HIV Incidence Among Men With and Those Without Sexually Transmitted Rectal Infections: Estimates From Matching Against an HIV Case Registry

New York City Department of Health and Mental Hygiene, Bureau of Sexually Transmitted Disease Control, New York, NY.
Clinical Infectious Diseases (Impact Factor: 9.42). 06/2013; 57(8). DOI: 10.1093/cid/cit437
Source: PubMed

ABSTRACT Background. Sexually transmitted bacterial rectal infections are objective markers of HIV risk behavior. Quantifying HIV risk among men who have sex with men (MSM) who have had these infections can inform prevention efforts. We measured HIV risk among MSM who have and have not been diagnosed with rectal Chlamydia trachomatis (CT) and/or rectal Neisseria gonorrhoeae (GC). Methods. HIV incidence among a cohort of 276 HIV-negative MSM diagnosed with rectal CT and/or GC in New York City sexually transmitted disease (STD) clinics was compared to HIV incidence among HIV-negative MSM without these infections.
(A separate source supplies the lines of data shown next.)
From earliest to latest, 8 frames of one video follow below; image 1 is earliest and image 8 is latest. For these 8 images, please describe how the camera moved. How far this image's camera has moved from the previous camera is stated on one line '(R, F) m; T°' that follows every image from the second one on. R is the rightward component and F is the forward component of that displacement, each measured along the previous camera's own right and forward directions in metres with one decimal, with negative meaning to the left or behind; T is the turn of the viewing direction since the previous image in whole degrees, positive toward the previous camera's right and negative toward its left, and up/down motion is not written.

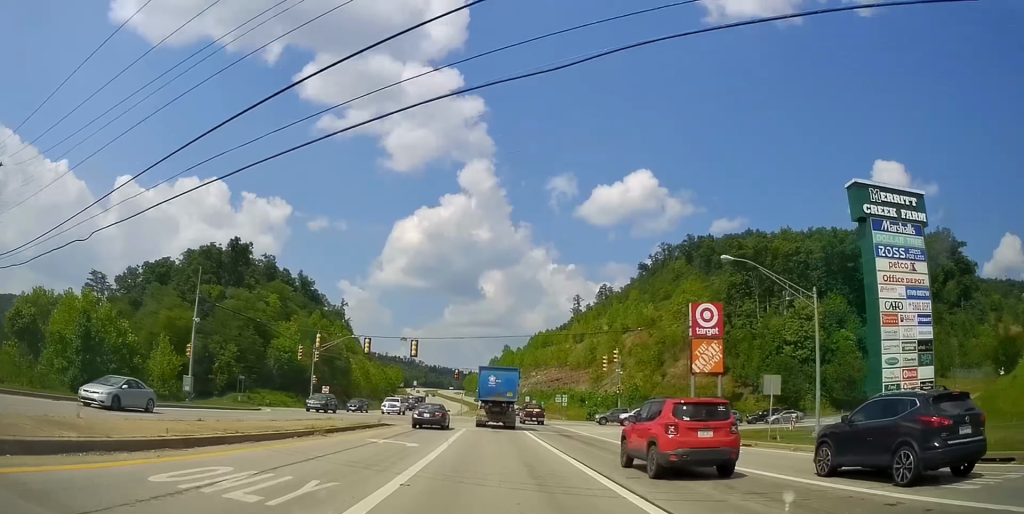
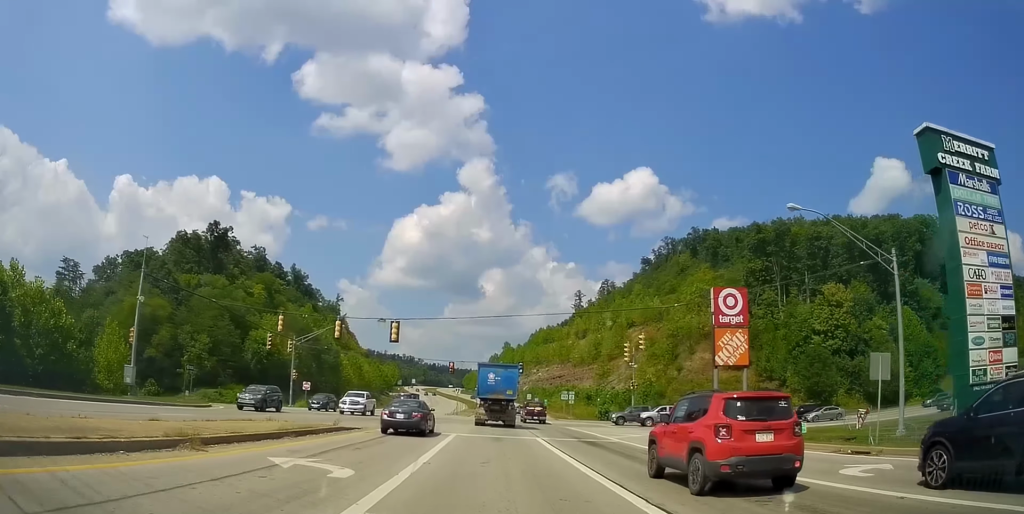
(+0.1, +9.1) m; +1°
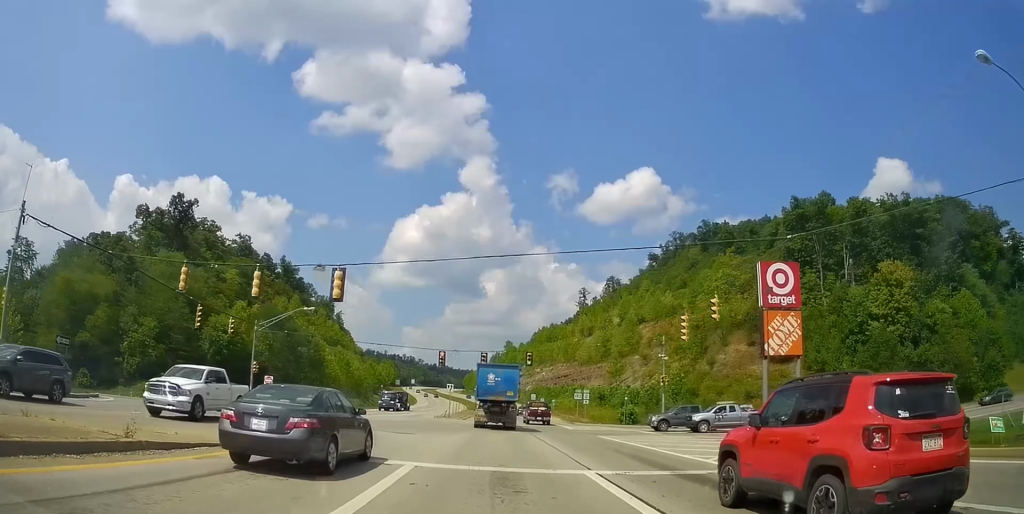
(+0.1, +14.1) m; +1°
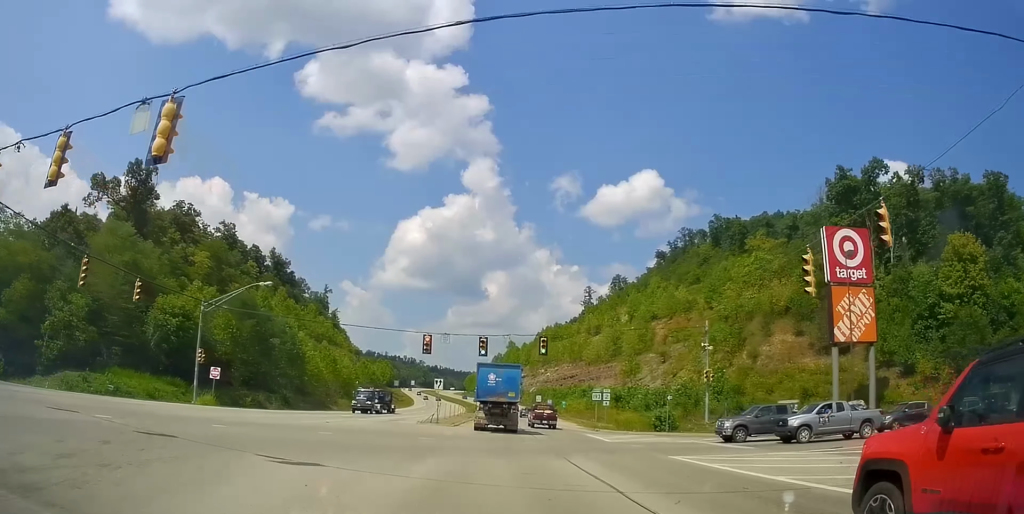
(+0.4, +13.7) m; -2°
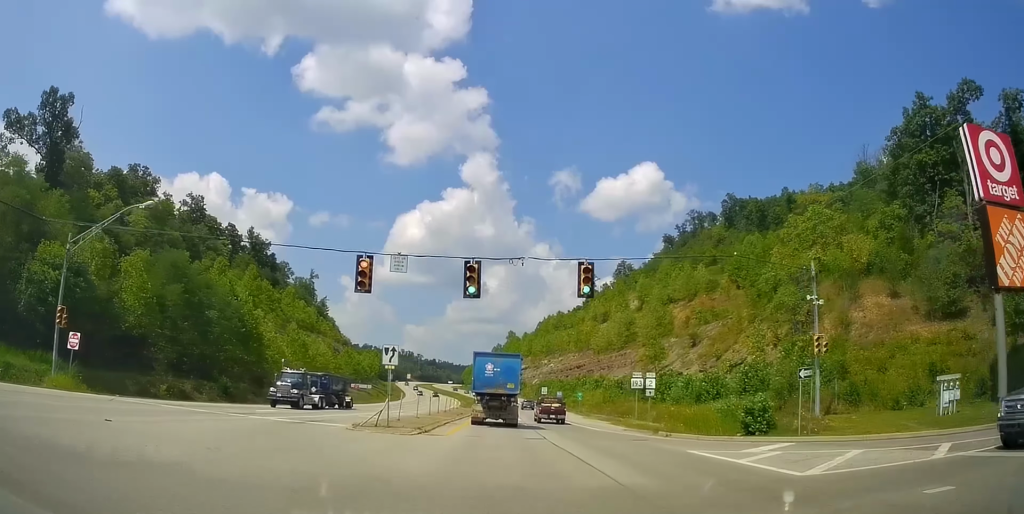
(-1.0, +20.1) m; -1°
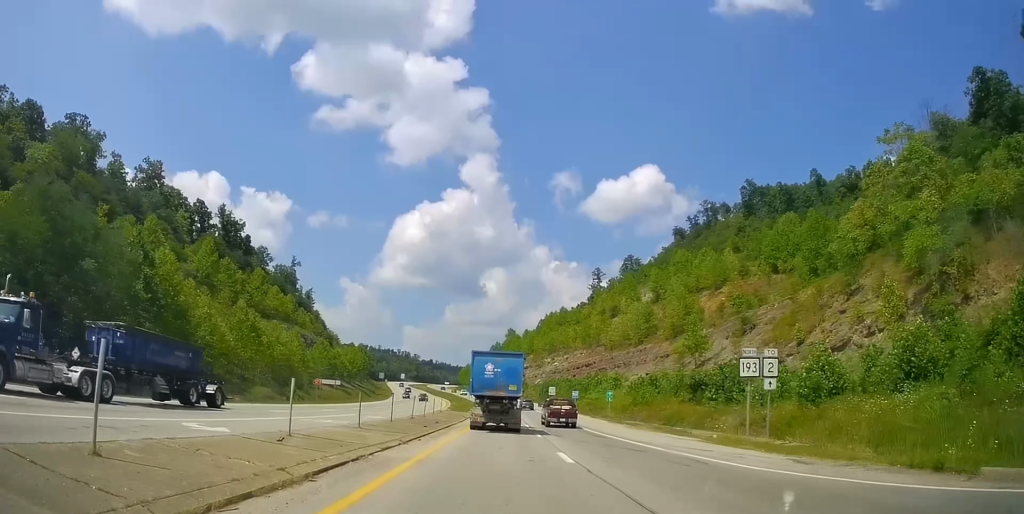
(+0.4, +22.8) m; +2°
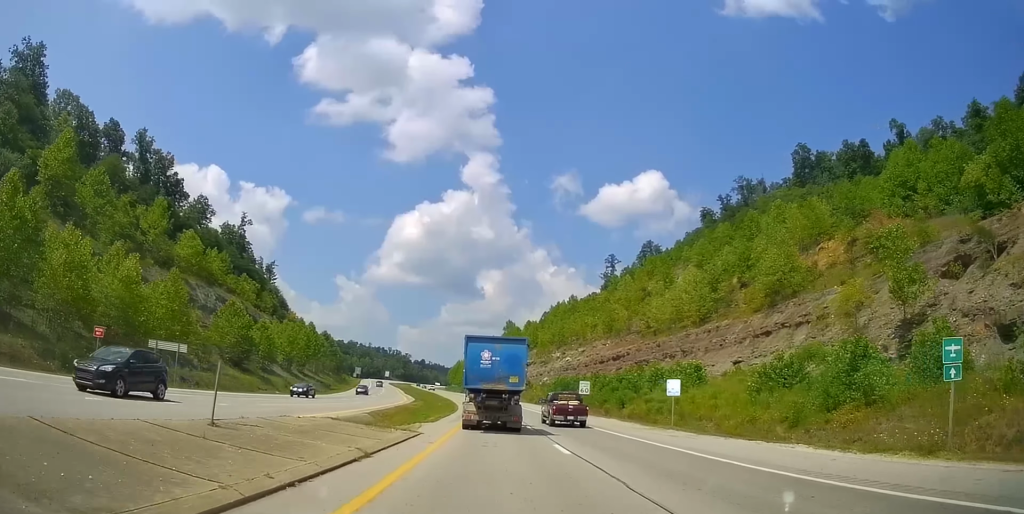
(+0.5, +47.7) m; -1°
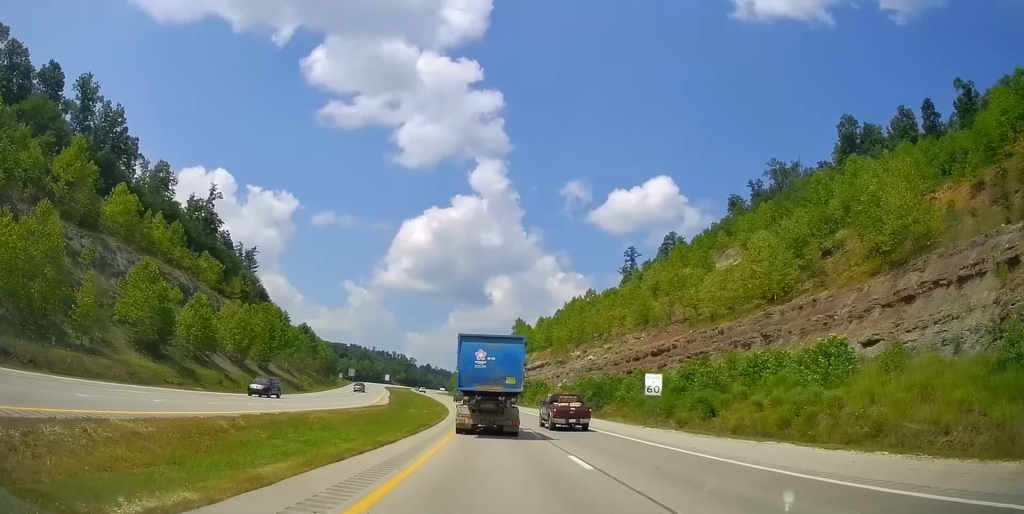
(-0.4, +28.2) m; 0°

Matches against the citywide HIV/AIDS registry identified HIV diagnoses from STD clinics, and by other providers. Cox proportional hazards models were used to explore factors associated with HIV acquisition among MSM with rectal infections. Results. HIV-negative MSM with rectal infections (>70% of which were asymptomatic) contributed 464.71 person-years of follow-up. Among them, 31 (11.2%) were diagnosed with HIV, of which 14 (45%) were diagnosed by non-STD clinic providers. The annual HIV incidence was significantly higher among MSM with rectal infections (6.67%, 95% CI: 4.61-9.35) than among MSM without rectal infections (2.53%, 95% CI: 1.31-4.42). Black race (hazard ratio=4.98; 95% CI: 1.75-14.17) was associated with incident HIV among MSM with rectal CT/GC. Conclusions. One in 15 MSM with rectal infections was diagnosed with HIV within a year, a higher risk than for MSM without rectal infections. Such data has implications for screening for rectal STD, and may be useful for targeting populations for risk-reduction counseling and other HIV prevention strategies, such as pre-exposure prophylaxis.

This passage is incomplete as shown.